━━━ Material for the task ━━━
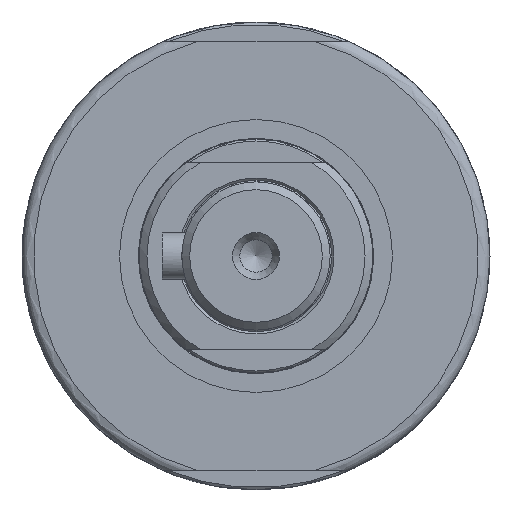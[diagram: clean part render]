
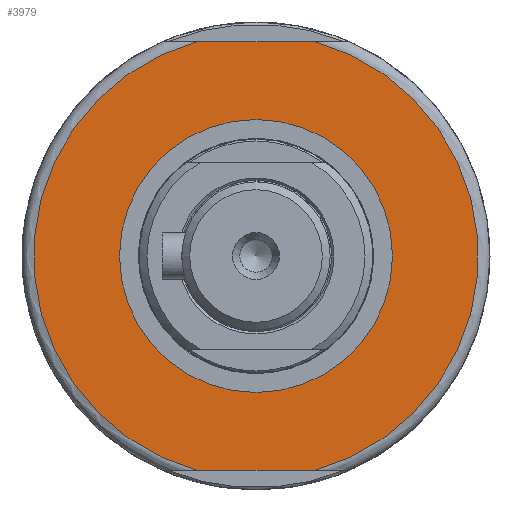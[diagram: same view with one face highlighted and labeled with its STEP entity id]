
A CAD part, left-side view. The second image highlights one B-rep face of the part: STEP entity #3979.
In plain terms, the highlighted planar face has unit normal (-1, 0, 0).
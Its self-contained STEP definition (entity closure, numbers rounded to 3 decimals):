
#137=FACE_BOUND('',#534,.T.);
#171=PLANE('',#4290);
#305=FACE_OUTER_BOUND('',#533,.T.);
#533=EDGE_LOOP('',(#2654,#2655,#2656,#2657));
#534=EDGE_LOOP('',(#2658,#2659));
#775=LINE('',#6076,#1059);
#776=LINE('',#6077,#1060);
#1059=VECTOR('',#4850,10.);
#1060=VECTOR('',#4851,10.);
#1372=CIRCLE('',#4270,17.5);
#1373=CIRCLE('',#4271,17.5);
#1384=CIRCLE('',#4285,28.5);
#1387=CIRCLE('',#4289,28.5);
#1609=VERTEX_POINT('',#5977);
#1610=VERTEX_POINT('',#5979);
#1621=VERTEX_POINT('',#6007);
#1622=VERTEX_POINT('',#6022);
#1624=VERTEX_POINT('',#6041);
#1627=VERTEX_POINT('',#6059);
#2012=EDGE_CURVE('',#1610,#1609,#1372,.T.);
#2013=EDGE_CURVE('',#1609,#1610,#1373,.T.);
#2027=EDGE_CURVE('',#1621,#1622,#1384,.T.);
#2033=EDGE_CURVE('',#1627,#1624,#1387,.T.);
#2034=EDGE_CURVE('',#1621,#1624,#775,.T.);
#2035=EDGE_CURVE('',#1627,#1622,#776,.T.);
#2654=ORIENTED_EDGE('',*,*,#2034,.T.);
#2655=ORIENTED_EDGE('',*,*,#2033,.F.);
#2656=ORIENTED_EDGE('',*,*,#2035,.T.);
#2657=ORIENTED_EDGE('',*,*,#2027,.F.);
#2658=ORIENTED_EDGE('',*,*,#2012,.T.);
#2659=ORIENTED_EDGE('',*,*,#2013,.T.);
#3979=ADVANCED_FACE('',(#305,#137),#171,.T.);
#4270=AXIS2_PLACEMENT_3D('',#5980,#4806,#4807);
#4271=AXIS2_PLACEMENT_3D('',#5981,#4808,#4809);
#4285=AXIS2_PLACEMENT_3D('',#6023,#4838,#4839);
#4289=AXIS2_PLACEMENT_3D('',#6074,#4846,#4847);
#4290=AXIS2_PLACEMENT_3D('',#6075,#4848,#4849);
#4806=DIRECTION('center_axis',(1.,0.,0.));
#4807=DIRECTION('ref_axis',(0.,-1.,0.));
#4808=DIRECTION('center_axis',(1.,0.,0.));
#4809=DIRECTION('ref_axis',(0.,-1.,0.));
#4838=DIRECTION('center_axis',(1.,0.,0.));
#4839=DIRECTION('ref_axis',(0.,-1.,0.));
#4846=DIRECTION('center_axis',(1.,0.,0.));
#4847=DIRECTION('ref_axis',(0.,-1.,0.));
#4848=DIRECTION('center_axis',(-1.,0.,0.));
#4849=DIRECTION('ref_axis',(0.,0.,
-1.));
#4850=DIRECTION('',(0.,-1.,0.));
#4851=DIRECTION('',(0.,1.,0.));
#5977=CARTESIAN_POINT('',(-136.,17.5,0.));
#5979=CARTESIAN_POINT('',(-136.,-17.5,0.));
#5980=CARTESIAN_POINT('Origin',(-136.,0.,0.));
#5981=CARTESIAN_POINT('Origin',(-136.,0.,0.));
#6007=CARTESIAN_POINT('',(-136.,7.483,-27.5));
#6022=CARTESIAN_POINT('',(-136.,7.483,27.5));
#6023=CARTESIAN_POINT('Origin',(-136.,0.,0.));
#6041=CARTESIAN_POINT('',(-136.,-7.483,-27.5));
#6059=CARTESIAN_POINT('',(-136.,-7.483,27.5));
#6074=CARTESIAN_POINT('Origin',(-136.,0.,0.));
#6075=CARTESIAN_POINT('Origin',(-136.,-23.,0.));
#6076=CARTESIAN_POINT('',(-136.,-24.063,-27.5));
#6077=CARTESIAN_POINT('',(-136.,1.553,27.5));
━━━
*Problem to work on:*
Word for word, restate the line that contains "#4848=DIRECTION('center_axis',(-1.,0.,0.));" and each line after it, up to and including the last line of the listing; include nothing else.

*Answer to the exercise:*
#4848=DIRECTION('center_axis',(-1.,0.,0.));
#4849=DIRECTION('ref_axis',(0.,0.,
-1.));
#4850=DIRECTION('',(0.,-1.,0.));
#4851=DIRECTION('',(0.,1.,0.));
#5977=CARTESIAN_POINT('',(-136.,17.5,0.));
#5979=CARTESIAN_POINT('',(-136.,-17.5,0.));
#5980=CARTESIAN_POINT('Origin',(-136.,0.,0.));
#5981=CARTESIAN_POINT('Origin',(-136.,0.,0.));
#6007=CARTESIAN_POINT('',(-136.,7.483,-27.5));
#6022=CARTESIAN_POINT('',(-136.,7.483,27.5));
#6023=CARTESIAN_POINT('Origin',(-136.,0.,0.));
#6041=CARTESIAN_POINT('',(-136.,-7.483,-27.5));
#6059=CARTESIAN_POINT('',(-136.,-7.483,27.5));
#6074=CARTESIAN_POINT('Origin',(-136.,0.,0.));
#6075=CARTESIAN_POINT('Origin',(-136.,-23.,0.));
#6076=CARTESIAN_POINT('',(-136.,-24.063,-27.5));
#6077=CARTESIAN_POINT('',(-136.,1.553,27.5));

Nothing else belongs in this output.